Mesh Generation and File Formats
Triangle
Triangle is the definitive two-dimensional Delaunay triangulation code written by Jonathan Richard Shewchuk.
libMesh
can use Triangle to produce Delaunay triangulizations for hybrid-element (not just triangles) input meshes.
Tetgen
Tetgen generates the Delaunay tetrahedralization, Voronoi diagram, constrained Delaunay tetrahedralizations and quality tetrahedral meshes. The main goal of TetGen is to generate suitable meshes for solving partial differential equations by finite element or finite volume methods.
ExodusII
ExodusII, available via
github, is a model developed to store and retrieve data for finite element analyses. It is used for preprocessing (problem definition), postprocessing (results visualization), as well as code to code data transfer. An EXODUS II data file is a random access, machine independent, binary file that is written and read via C, C++, or Fortran library routines which comprise the Application Programming Interface.
libMesh
contains source code for the EXODUS II library in
./contrib/exodusii
and can use it to read EXODUS II mesh files. Additional information may be found on the
Sandia Engineering Analysis Code Access System
Tecplot
Tecplot is a high-quality engineering and scientific visualization package.
libMesh
can write simulation data in either ASCII or binary formatted Tecplot files.
GMV
The
General Mesh Viewer is "an easy to use, 3D scientific visualization tool designed to view simulation data from any type of structured or unstructured mesh." GMV is developed at
Los Alamos National Laboratory and is freely available for a wide range of platforms.
libMesh
can write simulation data directly in the GMV file format.
Utilities
XDR
The
XDR: External Data Representation Standard is a standard for the description and encoding of data. It is useful for transferring data between different computer architectures, and as such provides a very simple, portable approach for writing platform independent binary files.
libMesh
uses the
Xdr class to provide a uniform interface to input/output operations for files in either XDR binary or ASCII text formats.
GetPot
GetPot is a powerful command line and configuration file parsing for C++, Python, Ruby and Java. This tool provides many features, such as separate treatment for options, variables, and flags, unrecognized object detection, prefixes and much more.
libMesh
uses GetPot to parse command line options upon initialization and for input file parsing in some of the
examples.
libHilbert
libHilbert (no longer maintained) is a library originally written by Chris Hamilton for producing compact Hilbert indices for multidimensional data.
libMesh
uses
libHilbert
to assign unique, global identifiers for nodes an elements which are independent of a particular domain decomposition.
MetaPhysicL
MetaPhysicL is a template metaprogramming library by Roy Stogner which implements numerical operator-overloads in support of (primarily) finite element simulations.

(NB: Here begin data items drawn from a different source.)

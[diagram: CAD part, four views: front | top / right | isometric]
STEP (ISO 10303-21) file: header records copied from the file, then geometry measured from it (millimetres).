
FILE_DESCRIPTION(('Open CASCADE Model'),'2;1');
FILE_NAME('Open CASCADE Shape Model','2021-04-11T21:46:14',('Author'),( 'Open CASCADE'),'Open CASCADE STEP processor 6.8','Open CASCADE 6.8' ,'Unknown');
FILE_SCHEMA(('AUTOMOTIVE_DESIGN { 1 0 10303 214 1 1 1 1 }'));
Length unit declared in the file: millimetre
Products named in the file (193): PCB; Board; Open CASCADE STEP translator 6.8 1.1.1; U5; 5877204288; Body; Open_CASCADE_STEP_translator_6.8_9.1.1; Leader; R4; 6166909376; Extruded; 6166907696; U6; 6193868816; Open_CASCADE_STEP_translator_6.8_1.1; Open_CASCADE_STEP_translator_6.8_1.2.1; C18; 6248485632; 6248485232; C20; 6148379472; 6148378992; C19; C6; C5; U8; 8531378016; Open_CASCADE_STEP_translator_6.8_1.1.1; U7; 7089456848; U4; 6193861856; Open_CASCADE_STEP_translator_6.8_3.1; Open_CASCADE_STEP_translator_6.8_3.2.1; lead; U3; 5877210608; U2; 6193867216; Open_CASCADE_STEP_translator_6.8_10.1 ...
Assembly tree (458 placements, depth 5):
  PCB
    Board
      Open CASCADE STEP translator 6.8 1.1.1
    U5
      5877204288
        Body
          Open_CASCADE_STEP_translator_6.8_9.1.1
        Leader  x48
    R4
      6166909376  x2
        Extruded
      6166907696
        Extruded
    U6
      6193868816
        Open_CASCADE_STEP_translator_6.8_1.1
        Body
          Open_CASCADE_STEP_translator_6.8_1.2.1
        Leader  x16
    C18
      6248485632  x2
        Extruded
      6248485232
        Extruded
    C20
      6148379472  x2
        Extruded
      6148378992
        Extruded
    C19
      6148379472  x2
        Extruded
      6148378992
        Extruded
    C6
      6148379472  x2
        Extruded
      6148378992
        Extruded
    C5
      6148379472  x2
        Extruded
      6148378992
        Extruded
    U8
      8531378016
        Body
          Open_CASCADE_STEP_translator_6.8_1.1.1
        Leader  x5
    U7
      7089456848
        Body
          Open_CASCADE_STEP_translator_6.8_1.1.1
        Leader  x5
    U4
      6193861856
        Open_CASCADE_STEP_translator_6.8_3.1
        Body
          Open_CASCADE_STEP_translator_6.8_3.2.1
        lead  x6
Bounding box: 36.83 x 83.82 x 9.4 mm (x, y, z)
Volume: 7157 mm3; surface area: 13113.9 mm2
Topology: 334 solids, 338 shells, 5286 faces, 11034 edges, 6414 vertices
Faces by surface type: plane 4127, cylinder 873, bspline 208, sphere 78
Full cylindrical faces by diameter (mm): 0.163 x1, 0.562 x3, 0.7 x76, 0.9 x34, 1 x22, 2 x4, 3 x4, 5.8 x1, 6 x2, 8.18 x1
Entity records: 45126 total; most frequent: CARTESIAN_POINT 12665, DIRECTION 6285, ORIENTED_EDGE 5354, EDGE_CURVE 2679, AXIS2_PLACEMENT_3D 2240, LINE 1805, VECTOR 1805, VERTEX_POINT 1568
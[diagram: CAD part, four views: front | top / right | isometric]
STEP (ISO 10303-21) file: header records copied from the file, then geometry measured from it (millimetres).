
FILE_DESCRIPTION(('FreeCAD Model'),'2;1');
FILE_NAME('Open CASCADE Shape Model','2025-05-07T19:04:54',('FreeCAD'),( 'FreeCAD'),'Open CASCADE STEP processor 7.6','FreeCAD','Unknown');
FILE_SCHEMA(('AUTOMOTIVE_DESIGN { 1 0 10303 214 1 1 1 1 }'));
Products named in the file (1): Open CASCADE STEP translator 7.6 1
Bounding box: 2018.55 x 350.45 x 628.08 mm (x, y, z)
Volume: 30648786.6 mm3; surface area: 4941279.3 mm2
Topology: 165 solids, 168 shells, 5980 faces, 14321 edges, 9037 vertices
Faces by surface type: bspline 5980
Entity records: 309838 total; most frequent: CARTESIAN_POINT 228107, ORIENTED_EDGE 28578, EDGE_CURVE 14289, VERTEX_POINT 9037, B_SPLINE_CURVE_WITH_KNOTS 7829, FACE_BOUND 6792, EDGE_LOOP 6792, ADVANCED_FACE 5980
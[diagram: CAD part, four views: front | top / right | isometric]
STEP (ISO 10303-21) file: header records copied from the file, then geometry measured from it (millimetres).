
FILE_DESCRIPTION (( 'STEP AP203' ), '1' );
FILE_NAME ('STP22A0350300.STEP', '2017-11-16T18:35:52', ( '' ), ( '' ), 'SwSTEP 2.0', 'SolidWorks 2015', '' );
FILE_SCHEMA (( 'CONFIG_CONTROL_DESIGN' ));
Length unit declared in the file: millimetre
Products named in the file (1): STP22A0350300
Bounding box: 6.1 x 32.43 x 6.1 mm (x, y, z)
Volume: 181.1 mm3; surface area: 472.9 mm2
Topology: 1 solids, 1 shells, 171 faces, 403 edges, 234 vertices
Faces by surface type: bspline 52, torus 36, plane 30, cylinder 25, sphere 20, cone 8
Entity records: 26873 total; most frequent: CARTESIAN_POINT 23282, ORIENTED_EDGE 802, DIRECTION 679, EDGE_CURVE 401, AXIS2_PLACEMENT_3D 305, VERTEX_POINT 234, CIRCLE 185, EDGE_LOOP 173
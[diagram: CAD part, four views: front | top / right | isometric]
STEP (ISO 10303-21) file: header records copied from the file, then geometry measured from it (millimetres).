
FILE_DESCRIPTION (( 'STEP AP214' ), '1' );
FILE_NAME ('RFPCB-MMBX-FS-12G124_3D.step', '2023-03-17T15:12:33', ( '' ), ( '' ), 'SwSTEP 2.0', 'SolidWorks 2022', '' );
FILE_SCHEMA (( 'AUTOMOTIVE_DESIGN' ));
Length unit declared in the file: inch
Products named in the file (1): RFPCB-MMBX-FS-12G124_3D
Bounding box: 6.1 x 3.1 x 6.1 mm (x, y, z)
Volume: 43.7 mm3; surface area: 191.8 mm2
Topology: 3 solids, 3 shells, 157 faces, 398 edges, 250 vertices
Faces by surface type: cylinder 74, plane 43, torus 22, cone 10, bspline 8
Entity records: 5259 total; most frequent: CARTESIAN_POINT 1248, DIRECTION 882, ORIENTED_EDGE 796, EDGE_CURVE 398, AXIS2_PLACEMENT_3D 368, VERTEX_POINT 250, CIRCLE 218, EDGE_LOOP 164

It is very useful in particular for automatic differentiation. As of Aug 20, 2018, libMesh includes a git submodule for MetaPhysicL which uses a so-called "relative" path in the .gitmodules file. This means that the user's "origin" URL (either https or ssh) is used to determine the full MetaPhysicL URL. If you wish to use MetaPhysicL within libMesh, you must run
git submodule update --init
before running configure, and pass
--enable-metaphysicl
to the configure invocation in addition to other arguments. If you are working with a tarball release of libMesh after 1.3.x, MetaPhysicL may not be available (although we are currently working to support this).